First, lets look at the aggregates of all damage for each of the major event types

event_propsums <- modern_data %>% group_by(event_class) %>% 
     summarize(sums = sum(total_prop_damage, na.rm = TRUE)) %>% mutate(tag = 'Property Damage')
event_cropsums <- modern_data %>% group_by(event_class) %>% summarize(sums = sum(total_crop_damage, na.rm = TRUE)) %>% 
     mutate(tag = 'Crop Damage')
total_damage_sums <- rbind(event_propsums,event_cropsums)
total_damage_sums_bar <- ggplot(total_damage_sums, aes(event_class, sums, fill = tag)) + 
     geom_bar(stat = "identity", color = "black") + 
     coord_flip() +
     scale_fill_brewer(palette = "Spectral") +
     labs(x ="Event Type", y = "Damage in $MM", title = "Total Damage by Event Type", subtitle = "Since 1996")
print(total_damage_sums_bar)

There seems to be a big difference between each type of damage, so lets look at each seperately

propsums_bar <- ggplot(event_propsums,aes(event_class, sums, fill = event_class)) + 
     geom_bar(stat = "identity", color = "black") + 
     coord_flip() +
     theme(legend.position="none") +
     ylim(0,200000) +
     labs(x ="Event Type", y = "Damage in $MM", title = "Total Property Damage by Event Type")
print(propsums_bar)

cropsums_bar <- ggplot(event_cropsums,aes(event_class, sums, fill = event_class)) + 
     geom_bar(stat = "identity", color = "black") + 
     coord_flip() +
     theme(legend.position="none") +
     ylim(0,15000) +
     labs(x ="Event Type", y = "Damage in $MM", title = "Total Crop Damage by Event Type")
print(cropsums_bar)

And look at these over time

## By Time
big_prop_events <- c('Flood','Hurricane','Ocean','Tornado','Hail')
big_prop_data <- modern_data %>% filter(event_class %in% big_prop_events)
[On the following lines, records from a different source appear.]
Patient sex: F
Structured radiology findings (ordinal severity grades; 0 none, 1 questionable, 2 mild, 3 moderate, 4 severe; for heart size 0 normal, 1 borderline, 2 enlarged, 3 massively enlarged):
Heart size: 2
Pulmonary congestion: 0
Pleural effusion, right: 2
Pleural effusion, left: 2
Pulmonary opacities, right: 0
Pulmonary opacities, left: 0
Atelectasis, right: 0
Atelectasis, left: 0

big_crop_events <- c('Drought','Flood','Hurricane','Winter','Hail')
big_crop_data <- modern_data %>% filter(event_class %in% big_crop_events)

big_prop_sums <- big_prop_data %>% group_by(event_class, years) %>% summarize(sums = sum(total_prop_damage, na.rm = TRUE))
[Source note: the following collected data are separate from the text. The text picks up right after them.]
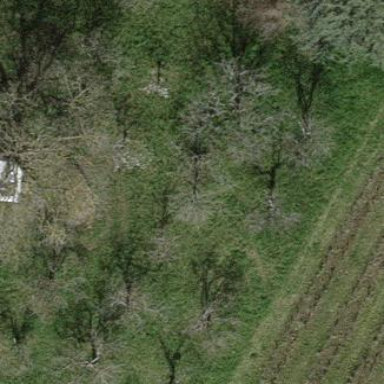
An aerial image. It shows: Orchard.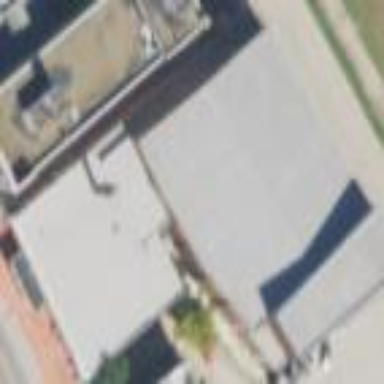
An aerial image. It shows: Theater building.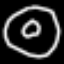
Label: donut
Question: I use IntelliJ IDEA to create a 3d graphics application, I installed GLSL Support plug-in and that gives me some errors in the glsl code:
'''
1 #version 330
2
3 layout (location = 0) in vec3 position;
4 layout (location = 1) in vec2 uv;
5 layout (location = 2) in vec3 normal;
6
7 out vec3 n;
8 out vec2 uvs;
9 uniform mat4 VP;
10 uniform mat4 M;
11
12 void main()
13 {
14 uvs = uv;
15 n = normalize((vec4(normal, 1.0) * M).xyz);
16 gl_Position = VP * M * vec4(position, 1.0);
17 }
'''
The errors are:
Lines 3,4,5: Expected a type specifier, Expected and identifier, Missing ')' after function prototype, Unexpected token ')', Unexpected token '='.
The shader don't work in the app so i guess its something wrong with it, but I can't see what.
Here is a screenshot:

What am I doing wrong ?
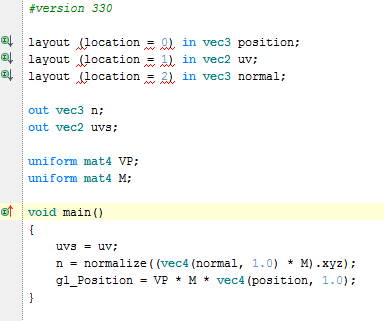
Answer: The GLSL support plugin was last updated in 2012, and the 'layout (location = 0)' syntax seems to be a fairly new feature in GLSL. Most likely the plugin is simply unable to parse the syntax, and the reason why your shader doesn't work is not related to the highlighting that you see.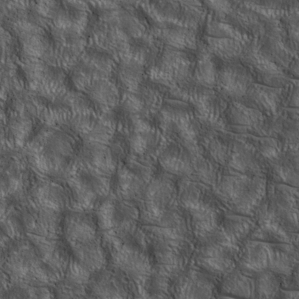
Label: non_frost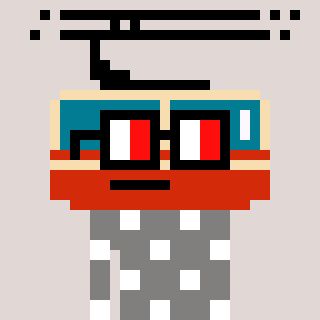
a pixel art character with square glasses with black frames and red eyes, a tram wagon-shaped head and a bluegrey-colored body on a warm background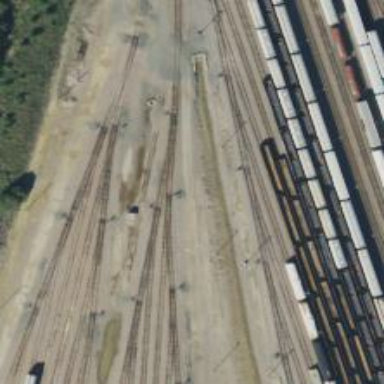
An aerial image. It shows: Railway yard used for servicing trains.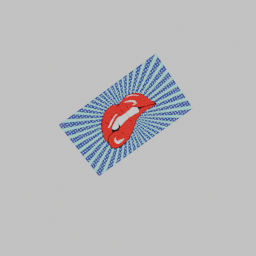
Label: decoration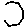
Label: hexagon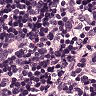
Metastatic tissue present: no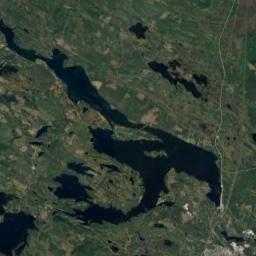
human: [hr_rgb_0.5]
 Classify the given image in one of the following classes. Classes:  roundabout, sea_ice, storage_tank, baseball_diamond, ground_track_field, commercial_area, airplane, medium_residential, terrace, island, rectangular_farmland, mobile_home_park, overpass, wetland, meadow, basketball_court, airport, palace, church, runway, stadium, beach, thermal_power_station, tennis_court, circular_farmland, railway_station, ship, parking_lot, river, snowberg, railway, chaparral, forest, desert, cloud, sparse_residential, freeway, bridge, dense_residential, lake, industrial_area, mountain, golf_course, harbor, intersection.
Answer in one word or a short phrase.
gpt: lake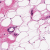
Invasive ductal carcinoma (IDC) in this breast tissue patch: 0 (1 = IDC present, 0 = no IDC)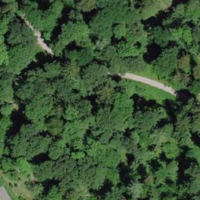
EUNIS habitat code: 41
Species observed at this site:
Pieris brassicae
Lamium galeobdolon
Argynnis paphia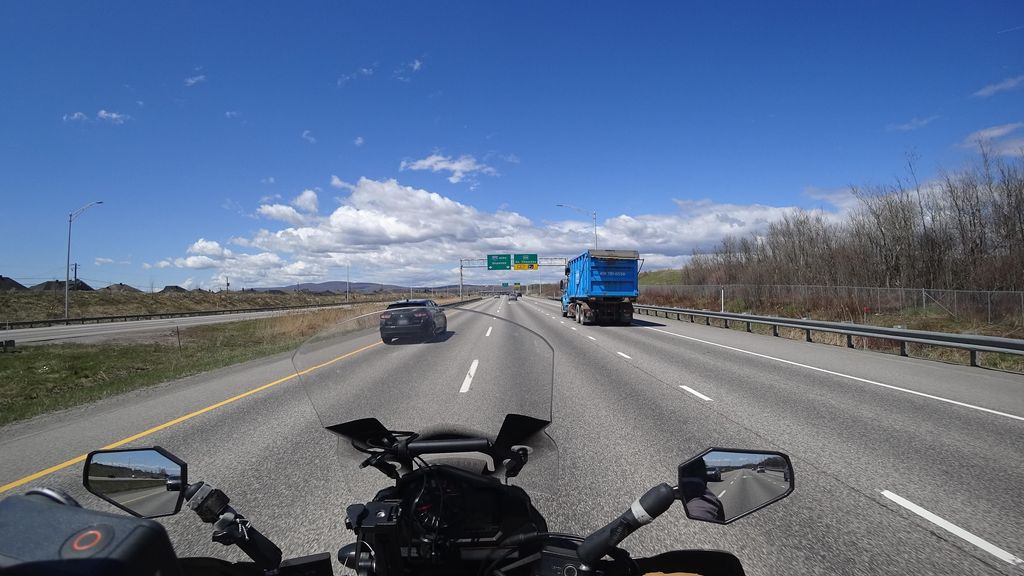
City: quebec_city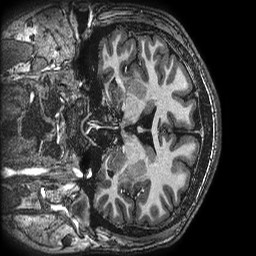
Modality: T1w
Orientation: coronal
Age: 21
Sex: male
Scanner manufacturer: ge
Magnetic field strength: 3 T
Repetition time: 0.00768 s
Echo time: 0.003488 s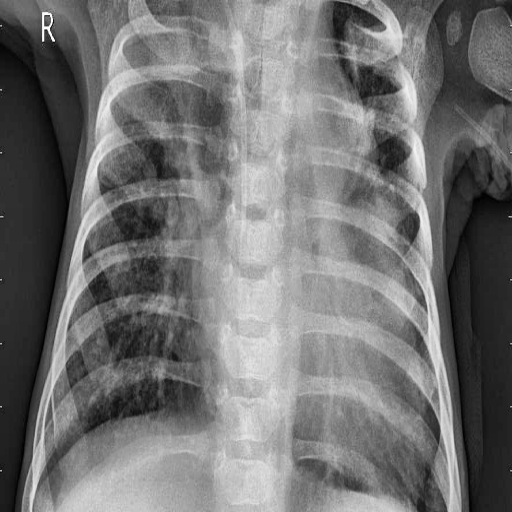
Finding: PNEUMONIA

big_prop_line <- ggplot(big_prop_sums, aes(x = years, y = sums, group = event_class, color = event_class)) +
        geom_line() +
        geom_point() +
        labs(x = "Year", y = "Property Damage", title = "Property Damage by Event from 1996 to 2011") +
        theme(legend.title=element_blank())
print(big_prop_line)

## Guessing on these, "ocean" is probably mislabeled (2004 was hurricane Katrina)
## The big spike in the Flood in 2006 is likely the Mid-Atlantic Flood
big_crop_sums <- big_crop_data %>% group_by(event_class, years) %>% summarize(sums = sum(total_crop_damage, na.rm = TRUE))
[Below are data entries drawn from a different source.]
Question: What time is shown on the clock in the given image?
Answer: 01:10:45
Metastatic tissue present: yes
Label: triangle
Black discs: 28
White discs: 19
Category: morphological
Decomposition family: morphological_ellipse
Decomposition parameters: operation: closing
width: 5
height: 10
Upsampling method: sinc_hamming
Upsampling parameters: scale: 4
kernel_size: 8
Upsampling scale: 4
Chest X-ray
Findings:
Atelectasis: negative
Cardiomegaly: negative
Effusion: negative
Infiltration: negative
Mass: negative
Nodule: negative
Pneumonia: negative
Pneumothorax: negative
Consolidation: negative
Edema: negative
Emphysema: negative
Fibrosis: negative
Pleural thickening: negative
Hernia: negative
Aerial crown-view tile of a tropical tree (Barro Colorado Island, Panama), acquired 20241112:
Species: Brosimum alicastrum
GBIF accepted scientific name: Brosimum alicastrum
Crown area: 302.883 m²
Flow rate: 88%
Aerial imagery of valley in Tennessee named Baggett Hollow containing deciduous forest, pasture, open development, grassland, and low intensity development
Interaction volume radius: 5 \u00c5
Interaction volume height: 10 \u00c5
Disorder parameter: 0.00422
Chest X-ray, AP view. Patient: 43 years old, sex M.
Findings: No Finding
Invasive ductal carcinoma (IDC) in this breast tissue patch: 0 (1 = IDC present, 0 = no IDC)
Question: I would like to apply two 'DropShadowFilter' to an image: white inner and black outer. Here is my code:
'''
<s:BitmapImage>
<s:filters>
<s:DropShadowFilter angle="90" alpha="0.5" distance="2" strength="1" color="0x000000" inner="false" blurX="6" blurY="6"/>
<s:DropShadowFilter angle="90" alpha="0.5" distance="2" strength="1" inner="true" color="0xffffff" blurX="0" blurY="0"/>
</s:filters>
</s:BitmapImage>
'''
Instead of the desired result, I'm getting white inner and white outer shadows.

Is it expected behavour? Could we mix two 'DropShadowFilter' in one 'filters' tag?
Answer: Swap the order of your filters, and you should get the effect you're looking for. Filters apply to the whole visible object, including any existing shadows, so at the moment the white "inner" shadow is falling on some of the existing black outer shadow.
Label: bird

big_crop_line <- ggplot(big_crop_sums, aes(x = years, y = sums, group = event_class, color = event_class)) +
        geom_line() +
        geom_point() +
        labs(x = "Year", y = "Crop Damage", title = "Crop Damage by Event from 1996 to 2011") +
        theme(legend.title=element_blank())
print(big_crop_line)

The property damage time graph is particularly interesting because it may point to a mislabeling of the data. it’s odd that hurricane and ocean events spike with one another during Hurricane Katrina, although these could of course just be correlted events

Conclusion

In conclusion, tornadoes seem to be the greatest weather-related health risk to Americans given this data, followed in aggregate terms by flooding, thunderstorms, and heat-related events. This information comes with the important caveat that some events, when they occur, are particularly dangerous, such as landslides and ocean-related events.

On the economic side, property damage vastly outweighs crop damage in these weather events. The events causing the most property damage were floods, hurricanes, ocean-related events, and tornadoes.

Crop damage was a result of mostly droughts, followed by hail and flooding.

There are some causes for concern in my processing of the data. There do seem to be some correlations between similar events, such as hurricanes and ocean swells. If I had more time to completely the assignment, one route I would really like to use k-means clustering based on the latitude and longitude data to attempt to more accurately group the weather events together. For example, in some of the first data in Alabama, there were simultaneous thunderstorms and tornadoes. This was likely a single weather event, and not accounting for these correlations is a big weakness in the current analysis.